▸ WHAT YOU ARE ASKED TO DO
Every line that contains the word "rect" should be copied from the records below.

▸ DATA SUPPLIED
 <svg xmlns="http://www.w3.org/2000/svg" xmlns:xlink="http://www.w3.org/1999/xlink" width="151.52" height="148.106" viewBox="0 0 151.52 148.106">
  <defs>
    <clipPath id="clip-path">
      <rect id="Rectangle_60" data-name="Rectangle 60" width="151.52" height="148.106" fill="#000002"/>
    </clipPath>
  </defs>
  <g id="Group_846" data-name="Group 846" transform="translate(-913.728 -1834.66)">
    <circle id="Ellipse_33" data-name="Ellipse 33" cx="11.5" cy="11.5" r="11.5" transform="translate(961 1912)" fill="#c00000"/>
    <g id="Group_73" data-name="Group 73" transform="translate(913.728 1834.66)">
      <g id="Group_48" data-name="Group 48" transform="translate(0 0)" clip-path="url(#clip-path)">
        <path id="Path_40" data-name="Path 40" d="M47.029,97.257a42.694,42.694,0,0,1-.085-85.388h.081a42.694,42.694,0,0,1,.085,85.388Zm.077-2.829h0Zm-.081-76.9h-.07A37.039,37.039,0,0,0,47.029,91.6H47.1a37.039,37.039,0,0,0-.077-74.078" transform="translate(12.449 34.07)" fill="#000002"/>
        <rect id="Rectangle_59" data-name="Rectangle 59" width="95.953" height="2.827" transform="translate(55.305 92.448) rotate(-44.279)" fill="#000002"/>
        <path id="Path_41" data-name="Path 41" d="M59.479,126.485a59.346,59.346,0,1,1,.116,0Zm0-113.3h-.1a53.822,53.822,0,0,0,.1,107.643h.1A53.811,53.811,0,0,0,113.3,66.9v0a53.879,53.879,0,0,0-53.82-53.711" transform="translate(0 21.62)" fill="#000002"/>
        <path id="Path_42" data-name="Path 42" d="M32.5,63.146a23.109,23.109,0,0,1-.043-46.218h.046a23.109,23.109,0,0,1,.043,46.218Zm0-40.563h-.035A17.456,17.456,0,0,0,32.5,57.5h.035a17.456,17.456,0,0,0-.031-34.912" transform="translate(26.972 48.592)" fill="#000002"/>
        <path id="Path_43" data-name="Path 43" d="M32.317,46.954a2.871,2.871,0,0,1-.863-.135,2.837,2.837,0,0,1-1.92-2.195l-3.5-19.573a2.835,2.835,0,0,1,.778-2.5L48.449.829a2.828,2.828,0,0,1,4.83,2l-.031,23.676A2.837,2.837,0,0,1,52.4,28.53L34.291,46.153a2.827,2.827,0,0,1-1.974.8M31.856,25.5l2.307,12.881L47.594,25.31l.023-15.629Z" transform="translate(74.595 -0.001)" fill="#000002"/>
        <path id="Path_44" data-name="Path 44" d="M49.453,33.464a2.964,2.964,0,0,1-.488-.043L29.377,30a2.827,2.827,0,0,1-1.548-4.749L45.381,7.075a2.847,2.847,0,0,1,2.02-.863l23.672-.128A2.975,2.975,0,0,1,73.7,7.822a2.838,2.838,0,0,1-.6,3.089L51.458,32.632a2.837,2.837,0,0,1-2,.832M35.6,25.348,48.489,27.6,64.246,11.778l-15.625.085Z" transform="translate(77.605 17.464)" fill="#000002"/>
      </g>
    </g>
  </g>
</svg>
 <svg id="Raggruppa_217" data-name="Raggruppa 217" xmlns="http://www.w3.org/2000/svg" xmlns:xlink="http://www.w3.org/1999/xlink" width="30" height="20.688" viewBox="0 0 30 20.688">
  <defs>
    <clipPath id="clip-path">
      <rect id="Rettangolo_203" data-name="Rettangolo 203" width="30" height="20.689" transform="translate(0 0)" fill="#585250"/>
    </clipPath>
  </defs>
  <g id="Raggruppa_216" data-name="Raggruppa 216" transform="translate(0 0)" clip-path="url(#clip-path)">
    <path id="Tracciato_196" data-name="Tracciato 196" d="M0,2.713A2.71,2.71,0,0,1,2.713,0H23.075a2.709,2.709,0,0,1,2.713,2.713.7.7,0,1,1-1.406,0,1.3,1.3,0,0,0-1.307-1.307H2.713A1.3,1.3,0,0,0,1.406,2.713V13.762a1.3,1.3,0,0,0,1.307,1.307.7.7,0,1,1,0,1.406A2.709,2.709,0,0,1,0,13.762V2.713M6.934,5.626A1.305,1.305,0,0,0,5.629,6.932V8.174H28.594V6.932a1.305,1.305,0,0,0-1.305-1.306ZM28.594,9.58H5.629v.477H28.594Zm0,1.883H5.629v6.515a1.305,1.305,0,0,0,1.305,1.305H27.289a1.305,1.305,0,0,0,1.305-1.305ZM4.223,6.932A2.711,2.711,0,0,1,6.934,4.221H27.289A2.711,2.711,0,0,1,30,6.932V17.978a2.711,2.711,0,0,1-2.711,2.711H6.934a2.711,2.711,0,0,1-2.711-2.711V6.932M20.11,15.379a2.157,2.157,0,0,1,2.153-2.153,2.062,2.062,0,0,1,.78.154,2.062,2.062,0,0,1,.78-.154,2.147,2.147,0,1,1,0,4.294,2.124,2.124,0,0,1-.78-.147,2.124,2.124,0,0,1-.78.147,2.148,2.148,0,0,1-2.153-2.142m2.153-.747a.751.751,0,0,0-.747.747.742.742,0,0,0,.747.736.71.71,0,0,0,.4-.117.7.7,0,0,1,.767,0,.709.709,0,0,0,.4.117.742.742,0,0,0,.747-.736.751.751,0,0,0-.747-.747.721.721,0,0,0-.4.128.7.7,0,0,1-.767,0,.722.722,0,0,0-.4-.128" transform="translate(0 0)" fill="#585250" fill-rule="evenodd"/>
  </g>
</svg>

▸ SOLUTION TO THE PROBLEM
      <rect id="Rectangle_60" data-name="Rectangle 60" width="151.52" height="148.106" fill="#000002"/>
        <rect id="Rectangle_59" data-name="Rectangle 59" width="95.953" height="2.827" transform="translate(55.305 92.448) rotate(-44.279)" fill="#000002"/>
      <rect id="Rettangolo_203" data-name="Rettangolo 203" width="30" height="20.689" transform="translate(0 0)" fill="#585250"/>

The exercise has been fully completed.